Judgement is the forbidden objectivization of the other person which destroys single-minded love. I am not forbidden to have my own thoughts about the other person, to realize his shortcomings, but only to the extent that it offers to me an occasion for forgiveness and unconditional love, as Jesus proves to me. If I withhold my judgement I am not indulging in tout comprendre c'est tout pardonner and confirm the other person in his bad ways. Neither I am right nor the other person, but God is always right and shall proclaim both his grace and his judgement.

Judging others makes us blind, whereas love is illuminating.
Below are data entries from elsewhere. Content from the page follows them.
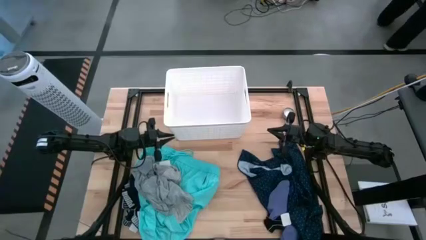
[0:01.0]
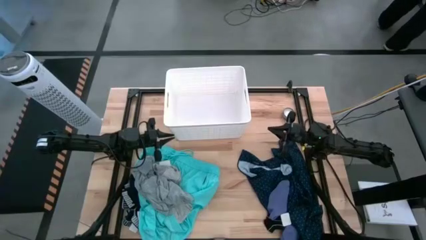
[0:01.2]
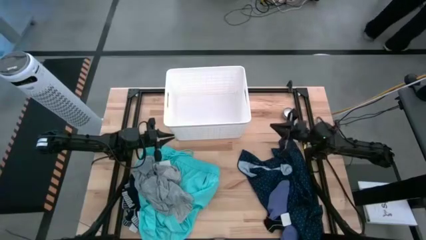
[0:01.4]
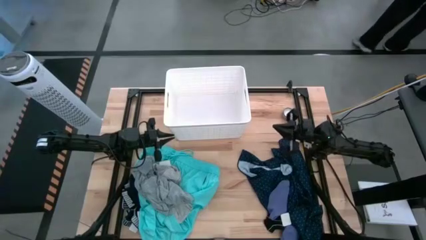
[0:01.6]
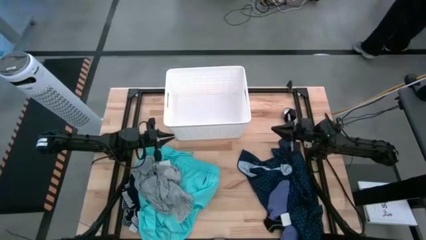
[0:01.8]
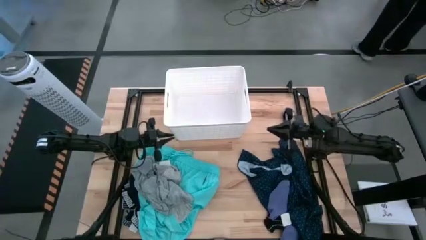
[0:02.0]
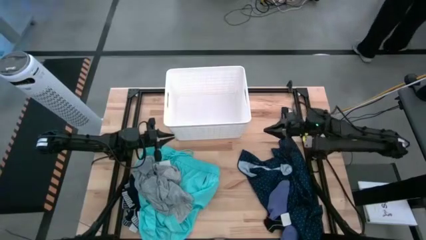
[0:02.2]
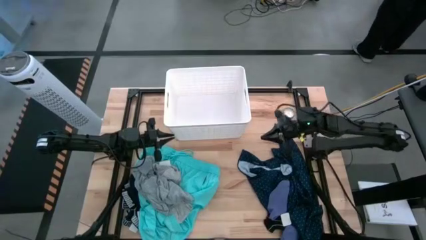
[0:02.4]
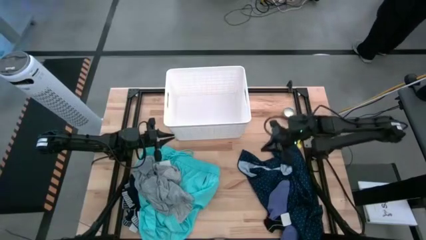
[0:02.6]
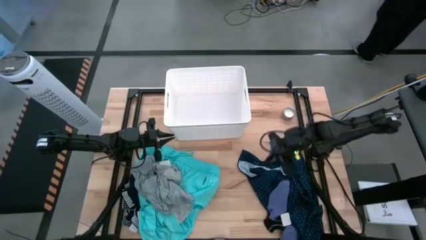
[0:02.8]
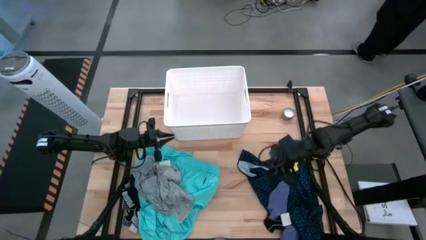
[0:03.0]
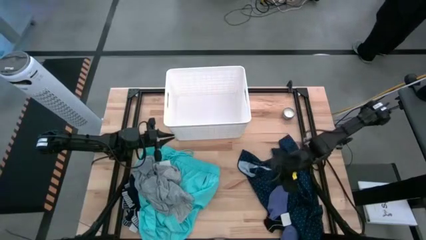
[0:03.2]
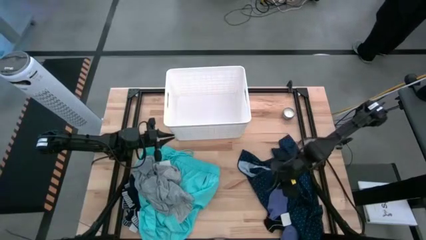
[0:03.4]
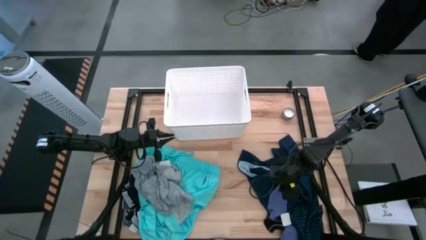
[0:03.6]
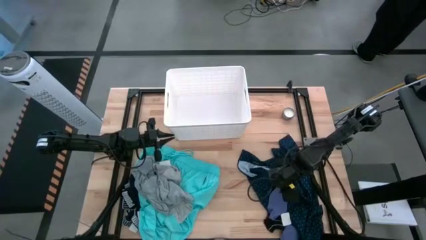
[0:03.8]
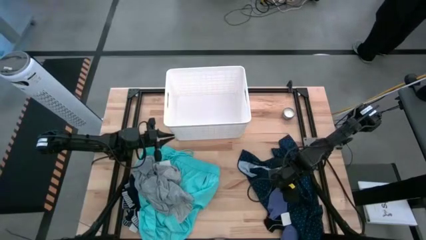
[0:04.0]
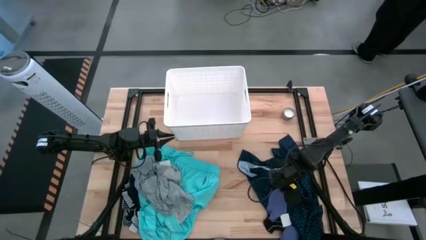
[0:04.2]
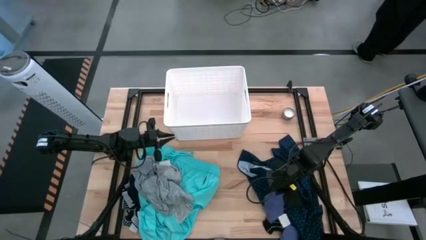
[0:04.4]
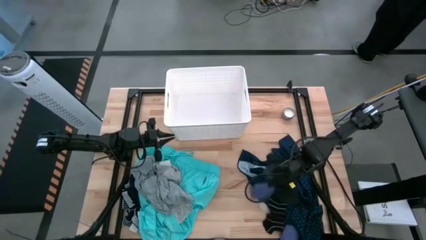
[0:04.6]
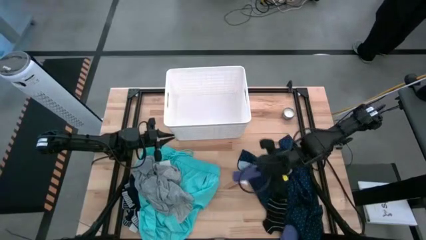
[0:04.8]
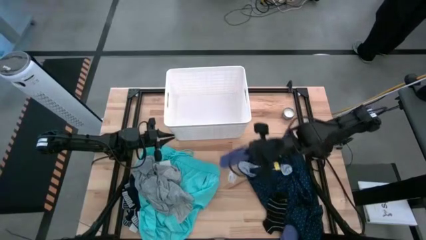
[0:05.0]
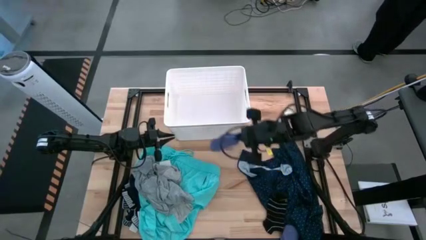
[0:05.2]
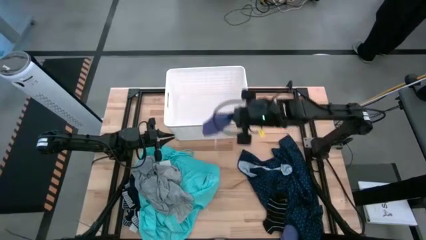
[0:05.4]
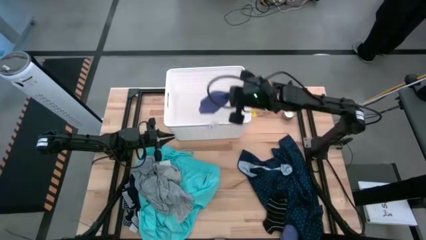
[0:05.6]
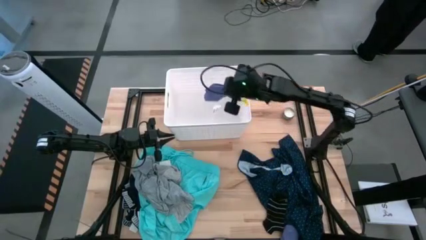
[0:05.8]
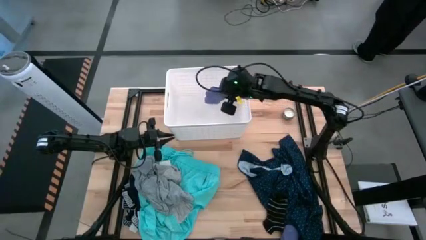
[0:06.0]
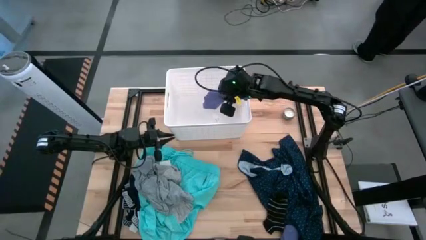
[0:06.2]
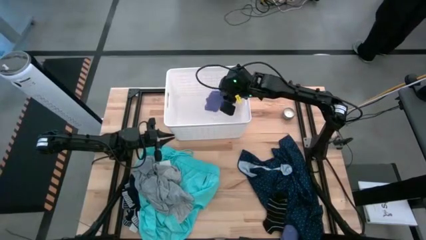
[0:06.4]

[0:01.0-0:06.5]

By judging others we blind ourselves to our own evil and to the grace which others are just as entitled to as we are. But in the love of Christ we know all about every conceivable sin and guilt; for we know how Jesus suffered, and how all men have been forgiven at the foot of the cross. Christian love sees the fellow-man under the cross and therefore sees with clarity. If when we judged others, our real motive was to destroy evil, we should look for evil where it is certain to be found, and that is in our own hearts. But if we are on the lookout for evil in others, our real motive is obviously to justify ourselves, for we are seeking to escape punishment for our own sins by passing judgement on others, and are assuming by implication that the Word of God applies to ourselves in one way, and to others in another. All this is highly dangerous and misleading. We are trying to claim for ourselves a special privilege which we deny to others. But Christ's disciples have no rights of their own or standards of right and wrong which they could enforce with other people; they have received nothing but Christ's fellowship. Therefore the disciple is not to sit in judgement over his fellow-man because he would wrongly usurp the jurisdiction."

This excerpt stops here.